The soft scent of lavender spread the air as tears formed in my eyes. I grow up in months than I ever did my whole life. It took a while for me to learn I was being selfish for not always having my father around. I faced the truth that my father was not dead. He fell in love as I did with someone he could not understand, and for that reason, I gave Jave the opportunity to stay in my life. I could have been like father and ran off away from my own daughter.

Mother finally told me over our night stay in Paris while I was touring that father was a very good pastor of a church. She never really practice that hard in magic because her simple gifts were hidden. Many people can have dreams about the future. In fact, it actually might have skipped her and she only knew simple stuff.

Mother had to tell him the truth about me since I exhibit things of the unknown. Maybe one day when I return back to America I will be able to speak to him and forgive him. The world is a confusing place and we never know the answer.

I packed only a few clothes in my bag that was already filled with stuff for Flower.

I sat one more time on my soft bed to remember this place one more time. I have no idea what the future holds.

Jave and I been in fights over and over as I heard his voice carry through out the house talking to mother.
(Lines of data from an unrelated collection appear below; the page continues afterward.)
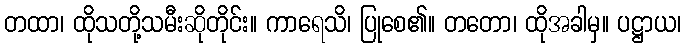
တထာ၊ ထိုသတို့သမီးဆိုတိုင်း။ ကာရေသိ၊ ပြုစေ၏။ တတော၊ ထိုအခါမှ။ ပဋ္ဌာယ၊
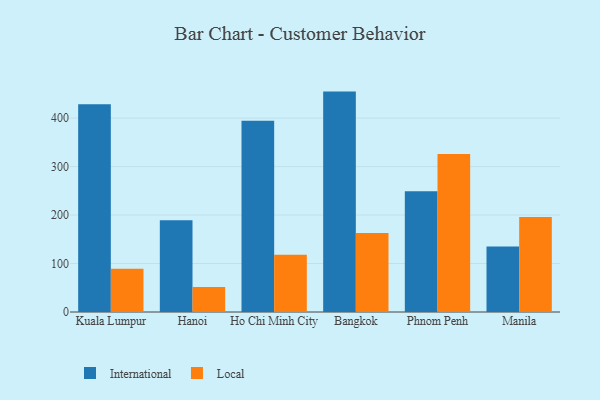
{"axis": {"x": "City", "y": "Waste Production (Tons)"}, "legend": ["International", "Local"], "data": [{"x": "Kuala Lumpur", "y": 428.6, "type": "International"}, {"x": "Kuala Lumpur", "y": 89.4, "type": "Local"}, {"x": "Hanoi", "y": 189.3, "type": "International"}, {"x": "Hanoi", "y": 51.6, "type": "Local"}, {"x": "Ho Chi Minh City", "y": 394.7, "type": "International"}, {"x": "Ho Chi Minh City", "y": 117.9, "type": "Local"}, {"x": "Bangkok", "y": 454.7, "type": "International"}, {"x": "Bangkok", "y": 163.1, "type": "Local"}, {"x": "Phnom Penh", "y": 249.2, "type": "International"}, {"x": "Phnom Penh", "y": 326.0, "type": "Local"}, {"x": "Manila", "y": 135.1, "type": "International"}, {"x": "Manila", "y": 196.1, "type": "Local"}]}
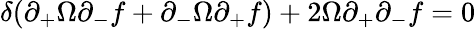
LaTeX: \delta(\partial_{+}\Omega\partial_{-}f+\partial_{-}\Omega\partial_{+}f)+2\Omega\partial_{+}\partial_{-}f=0
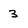
Character: 3
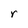
Character: r
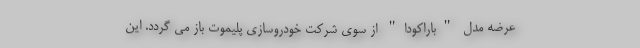
عرضه مدل "باراکودا" از سوی شرکت خودروسازی پلیموت باز می گردد. این
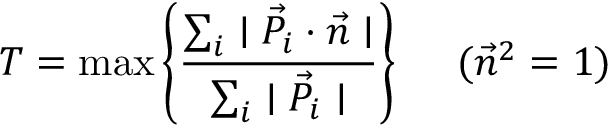
T = \mathrm { m a x } \left\{ \frac { \sum _ { i } \mid \vec { P } _ { i } \cdot \vec { n } \mid } { \sum _ { i } \mid \vec { P } _ { i } \mid } \right\} ~ ~ ~ ~ ( \vec { n } ^ { 2 } = 1 )
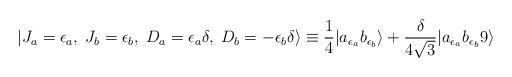
LaTeX: \begin{align*}|J_a = {\epsilon_a}, \; J_b = {\epsilon_b}, \; D_a = \epsilon_a \delta, \; D_b = -\epsilon_b \delta \rangle \equiv {1 \over 4} |a_{\epsilon_a} b_{\epsilon_b}\rangle + {\delta \over 4 \sqrt{3}} |a_{\epsilon_a} b_{\epsilon_b} 9 \rangle\end{align*}
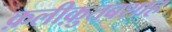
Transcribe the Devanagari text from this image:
क़लीक़ुतबशाह
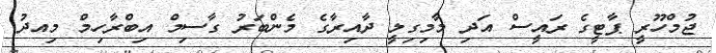
ޖުމްހޫރީ ޕާޓީގެ ރައީސް އަދި މާމިގިލީ ދާއިރާގެ މެންބަރު ގާސިމް އިބްރާހިމް މިއދު
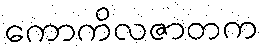
ကောကိလဇာတက

He is against me on a major decision that I feel fit me perfect for my life.

I am so fucking sick of people trying to tell me how to live it. I am her mother so I know what should be best for her. Mother said nothing to me after mentioning it but the great grandmother is against it. That is why she is not traveling to England with me.

I took the pillow that laid next to me and threw against an old teddy bear in the corner of the room.

I felt the fire rush through my veins with anger. I wanted to just go down there and just stop everything. Let everyone know my decision. Nothing in this world is going to change my mind. If you love me truly now than you will love me after.

There's no way after meeting Hunter I will not be part of their lives like she never existed on this foot of the earth.

I zipped up my bag as I stood to my feet. I notice as I looked up my guitar. It has been a great year. I finally lived something in my life I always wanted to do. This trip I will not bring my guitar with me. It sat in the chair brown and black shining.


I will always be a singer at heart. Sometimes a singer has to explore the world for something more. Most of all when mom comes in this room missing me Star my guitar will be still here like I never left. She feared the day I grow up and now it is here. She lived through it. She feared the day I might not come back home but to my own house. That is why Star stays with her.